Regarding the integration of social buffering and fear learning, there is ample evidence in rodents that social buffering has profound effects on the fear system throughout the lifespan. For example, early in development when the organism is wholly dependent on adult care, maternal presence blocks pups’ fear learning, presumably to prevent pups from learning to fear the mother or nest (Moriceau, Roth, & Sullivan, 2010). The neural mechanism for this inhibition of fear learning is maternal social buffering blockade of amygdala plasticity (Moriceau & Sullivan, 2006; Shionoya, Moriceau, Bradstock, & Sullivan, 2007). Maternal presence can also alter the development of the PFC. The social source of social buffering also changes: while social buffering cues learned in early life remain important, the effectiveness becomes attenuated and conspecifics gain importance (i.e., cage mates and reproductive partners, Kikusui et al., 2006). While social buffering effects mediated by the amygdala appear consistent during development, the assessment of other brain areas involved in stress reduction and fear has received little attention (Sevelinges et al., 2007, 2011; Sevelinges, Sullivan, Messaoudi, & Mouly, 2008). What is not known and rarely studied is whether this type of integration of social buffering and fear learning holds true in humans and other primates and what implications it has on understanding the basic mechanisms of fear in our highly social species.

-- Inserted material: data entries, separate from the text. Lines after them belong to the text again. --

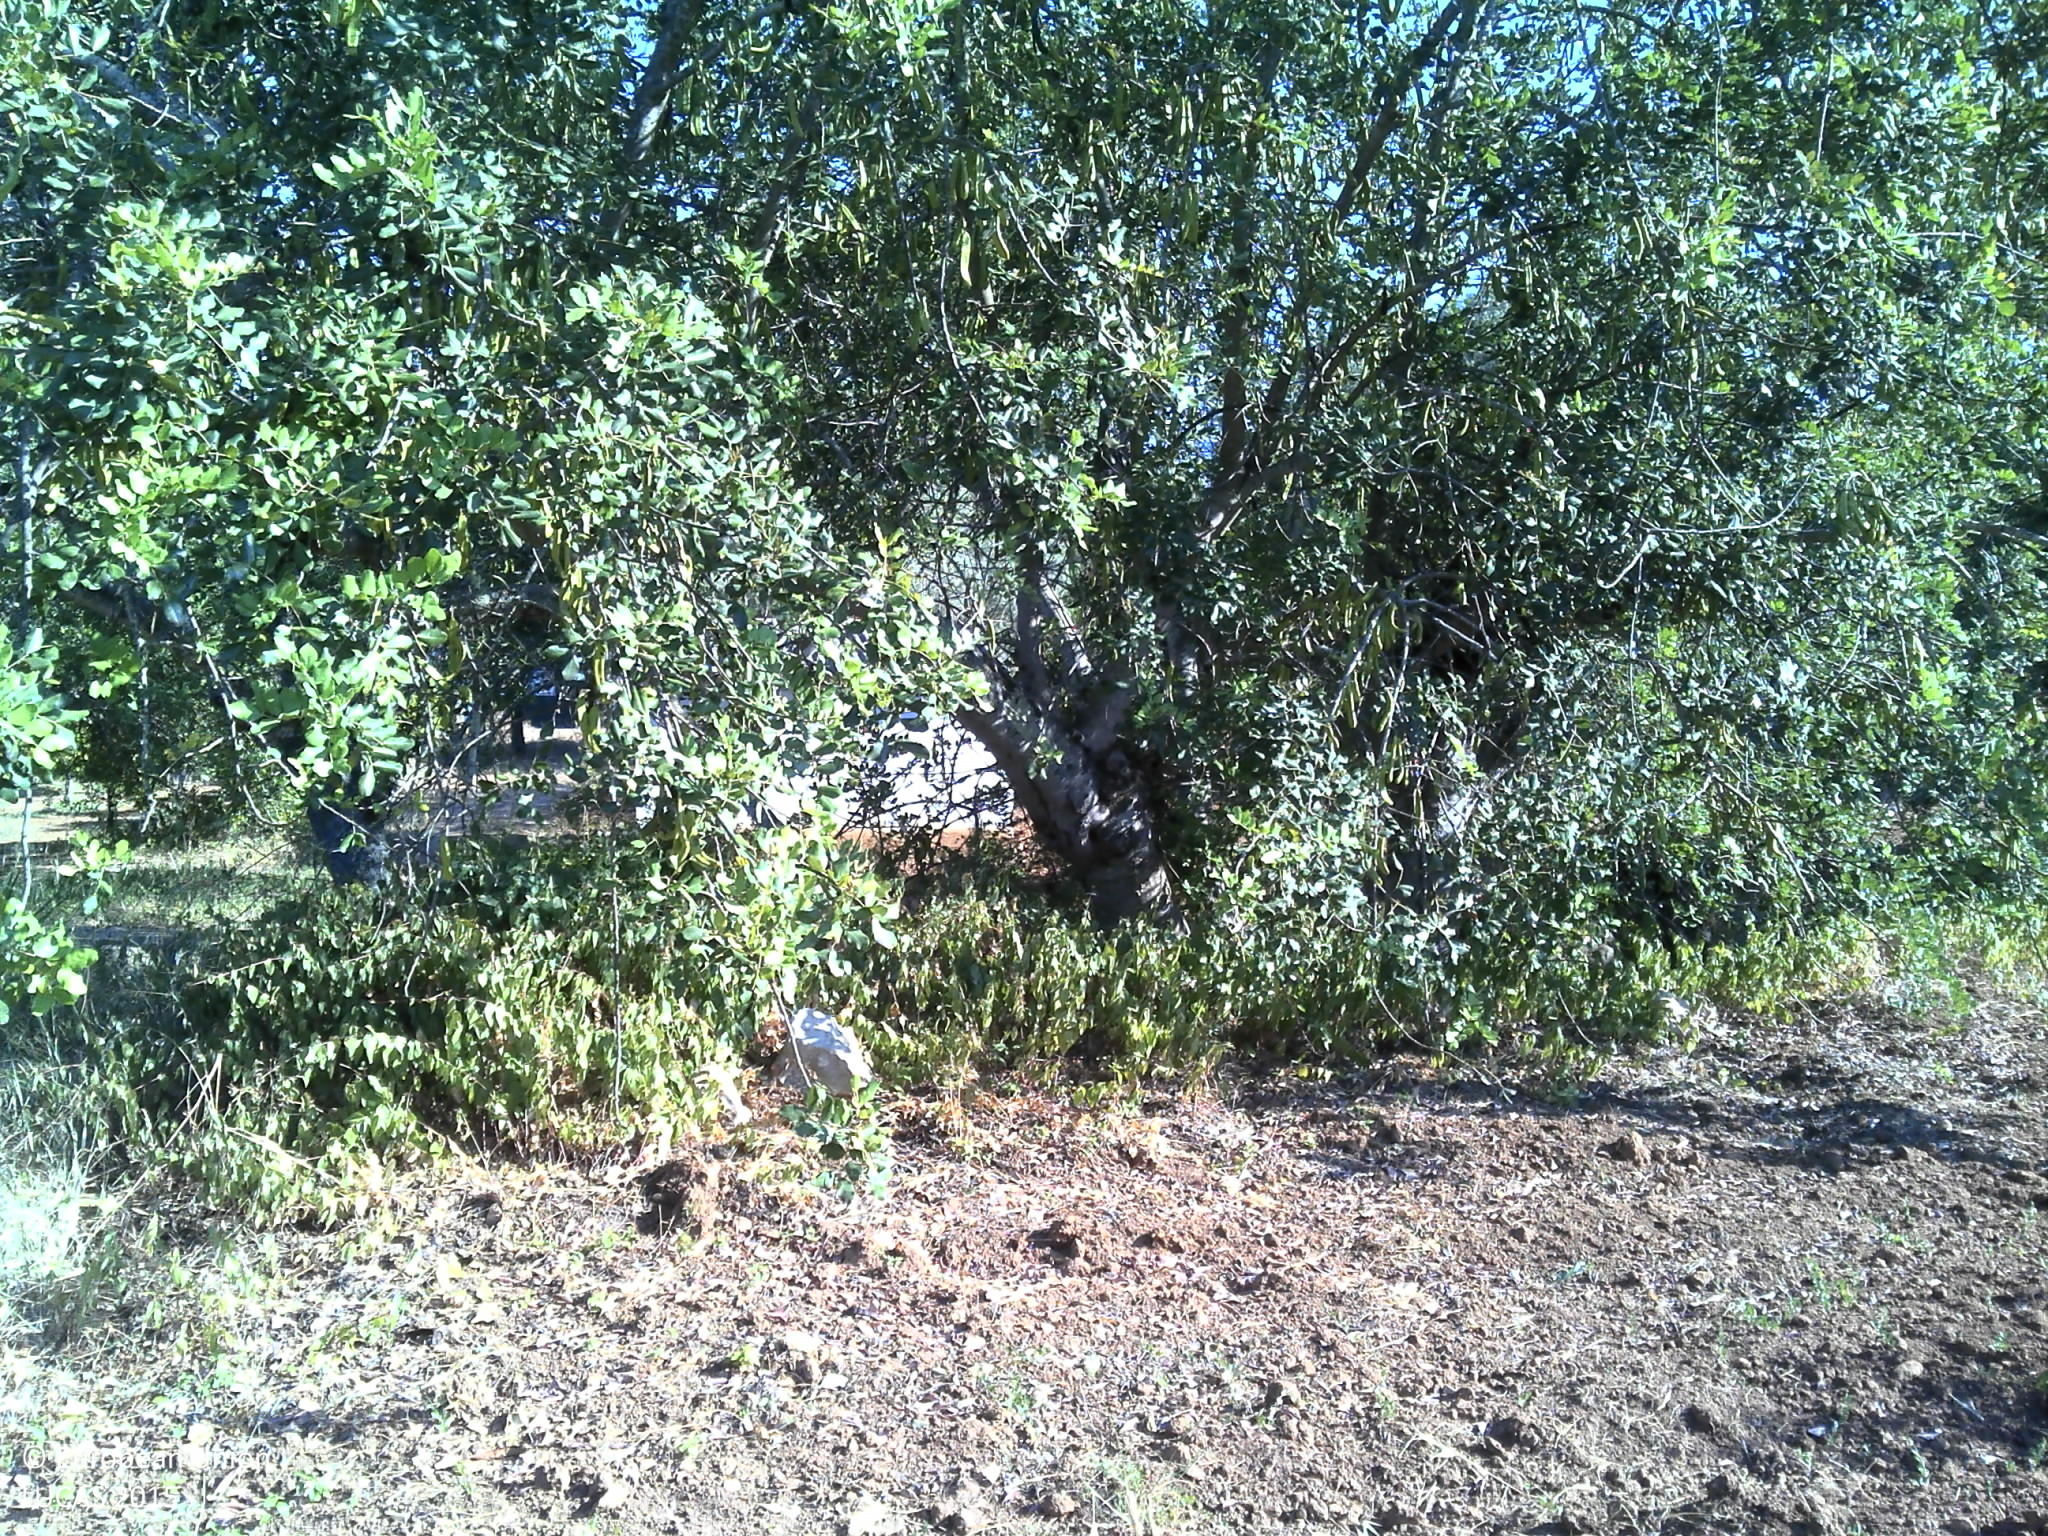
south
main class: Cropland
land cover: Permanent industrial crops
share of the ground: < 10 %
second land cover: Other bare soil
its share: > 75 %
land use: Agriculture (excluding fallow land and kitchen gardens)
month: June
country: PT
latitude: 37.0996
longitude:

DEVELOPMENTAL SWITCHES IN FEAR LEARNING AND STRESS BUFFERING

There is emerging evidence of developmental switches or transition points in the neurobiology underlying fear behaviors (e.g., amygdala–PFC circuitry) that have been identified in rodents, monkeys, and humans (Gabard-Durnam et al., 2014; Gee et al., 2013; Moriceau & Sullivan, 2006; Morin et al., 2015). The neurobiology of these switch/transition points is poorly understood, but they seem to coincide with increasing independence from caregivers. In humans, there is emerging evidence of developmental switch points when parental social buffering may cease to be effective in reducing stress responses. For example, during adolescence (Hostinar et al., 2015), associated with the midpoint in pubertal development (Doom, Hostinar, VanZomeren-Dohn, & Gunnar, 2015), parental social buffering becomes less potent. Whether peers or other conspecifics become more potent in buffering stress and emotions at that point is not yet known.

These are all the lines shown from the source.